Jean was inspired to create Not My Xenophobia by the success of the #everydaysexism social media campaign, and the Scottish Government’s See Me campaign against mental health stigma.

She said:

”From exploitative programmes like Immigration Street to the UKIP MEP David Coburn’s disgusting, racist comments about Europe Minister Humza Yousaf, we are surrounded with xenophobic messages in politics and the media. But speak to ordinary Scots and you will find a very different attitude. Most of us value our friends, neighbours and colleagues from all over the world. The xenophobia we are being bombarded with isn’t ours – it’s being imposed on us by people in positions of power and influence who want to set us against one another. I’ve started the Not My Xenophobia campaign to give a voice to the majority of Scots who reject these hateful attitudes, and to name and shame the media organisations and politicians who promote them for their own gain.”

As Humza Yousaf himself has stated: ‘UKIP are a party who don’t just have a few bad apples.. they are rotten to the core’

The party has been treated like a joke for years but the slurs and smears keep coming and the true face of racism is never far from the surface.

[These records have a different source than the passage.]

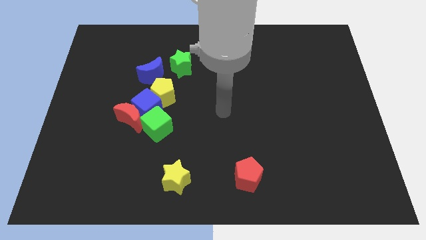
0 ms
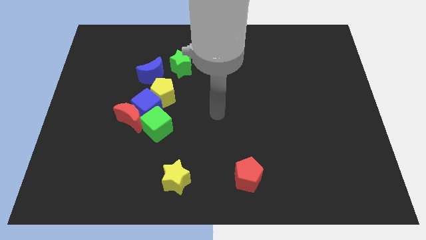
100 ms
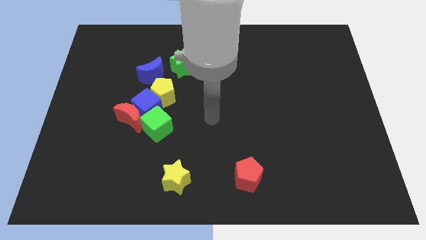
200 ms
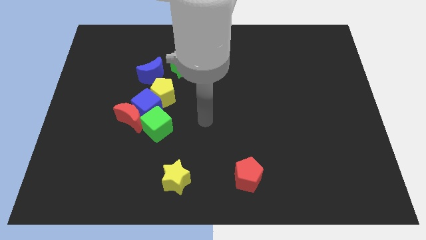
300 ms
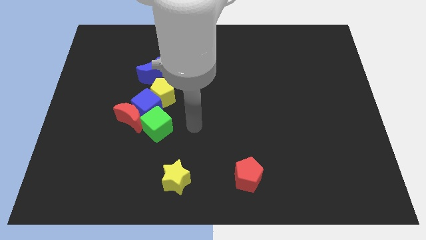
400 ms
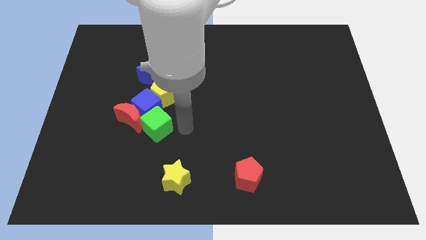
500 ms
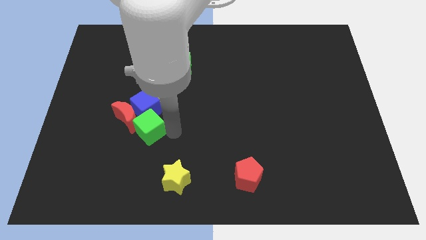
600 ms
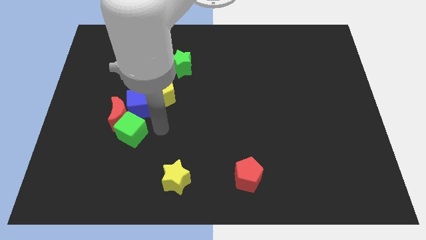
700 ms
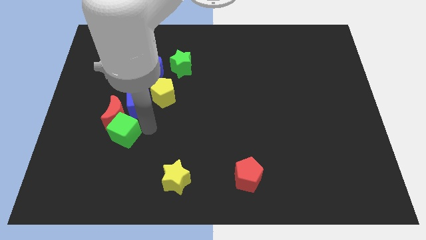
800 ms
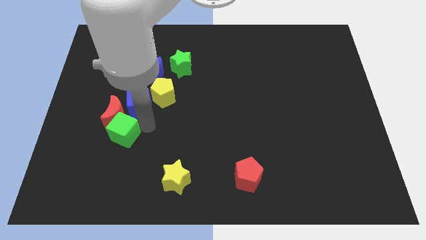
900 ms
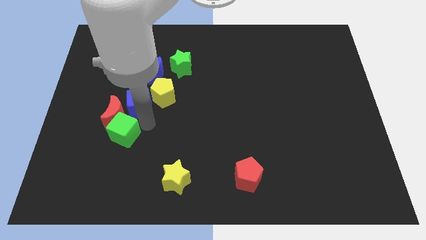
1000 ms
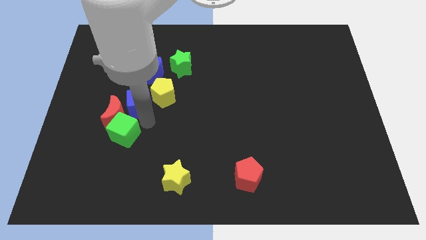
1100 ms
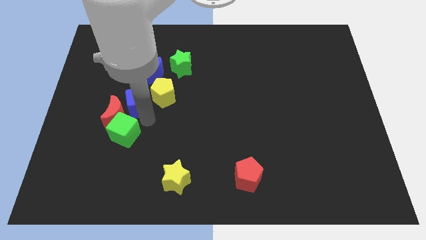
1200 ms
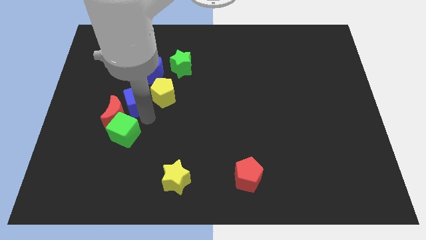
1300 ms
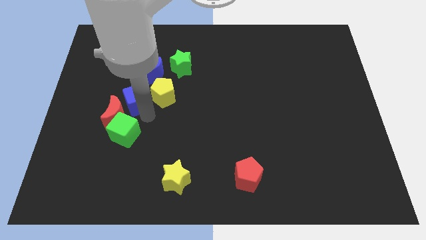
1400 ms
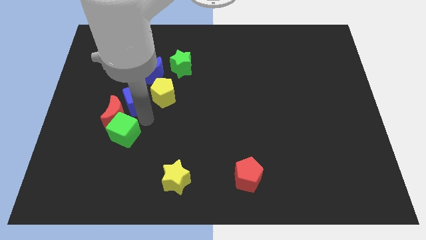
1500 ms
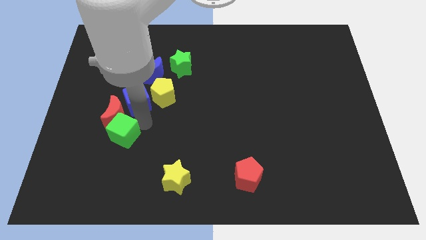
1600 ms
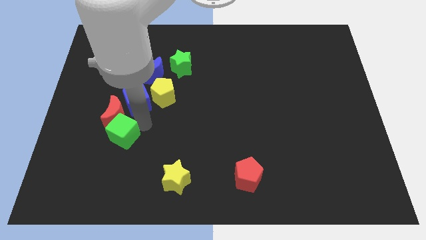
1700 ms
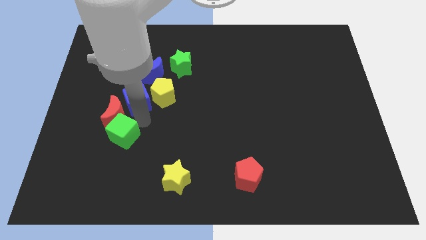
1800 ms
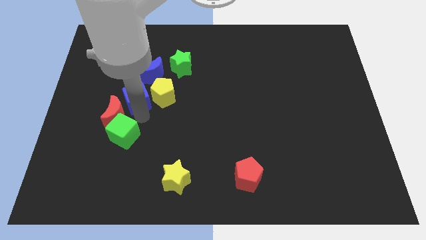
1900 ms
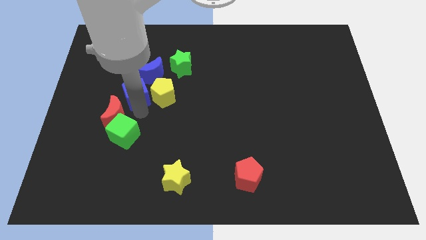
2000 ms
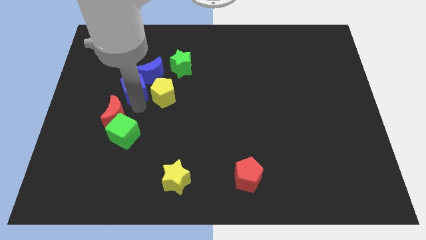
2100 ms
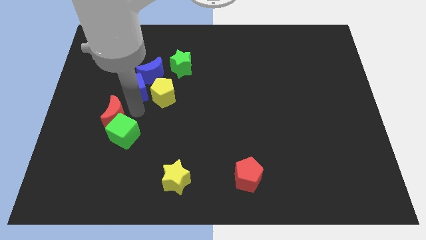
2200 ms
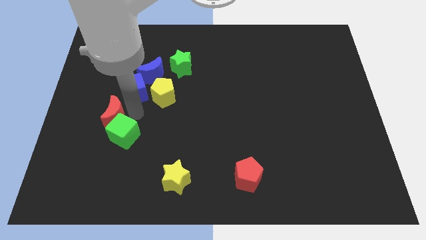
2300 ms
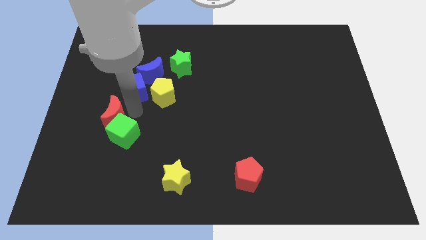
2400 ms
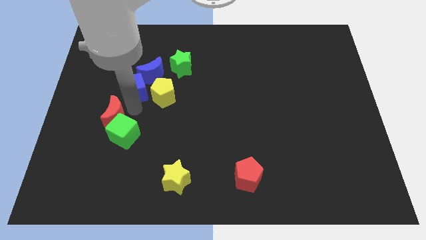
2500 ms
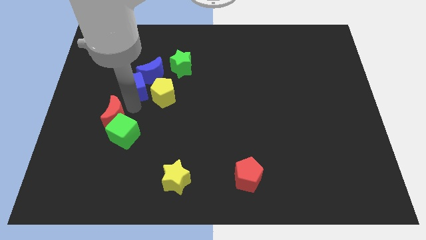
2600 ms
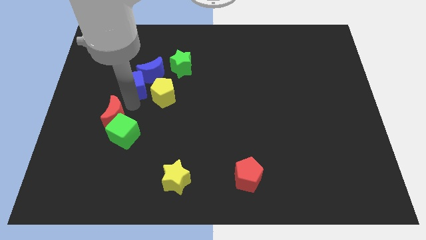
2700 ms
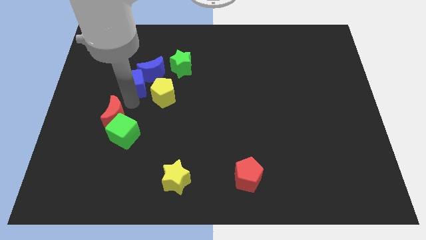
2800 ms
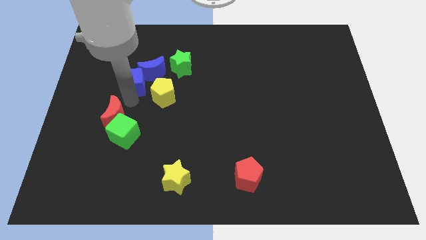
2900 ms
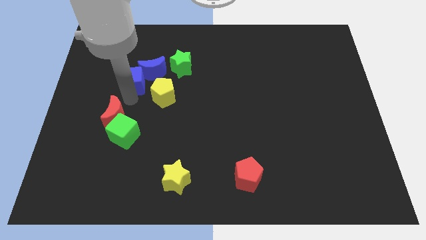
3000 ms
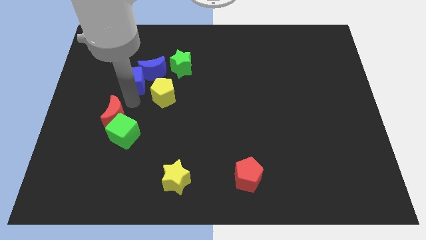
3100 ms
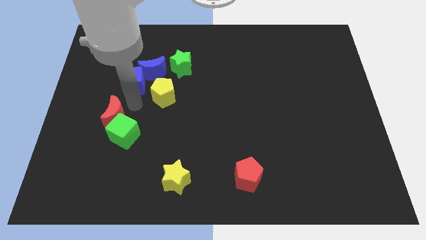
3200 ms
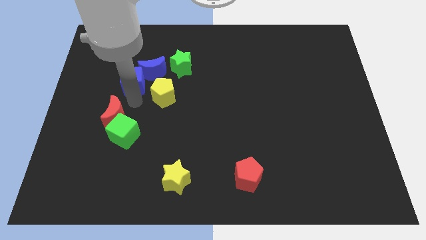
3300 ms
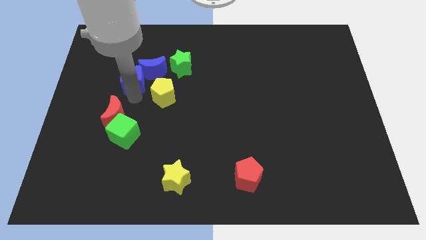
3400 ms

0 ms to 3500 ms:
move the blue cube away from the clump

It’s not just about racism.

Christopher Monckton, Ukip’s former head of policy for Scotland once stated that “gay men have ‘20,000 sexual partners’ in their ‘miserable lives’”  and called on the far-right British Freedom Party (BFP) to “come back and join Ukip” in 2012. Kerry Smith, Ukip’s candidate for target seat South Basildon and East Thurrock, was forced to resign after he made a number of homophobic and racist remarks and joked about shooting poor people. There’s not space to kist the full litany of UKIP ‘gaffs’. They are part of  a wider resurgence of the far-right in Britain.

Perhaps a sister project to Not My Xenophobia would be to mirror this great crowdsourced poster project from London which celebrated the positive contribution of people arguing: ‘Immigrants are part of the fabric of our society. It’s time to celebrate, not vilify.’ See more at NoXenophobia here.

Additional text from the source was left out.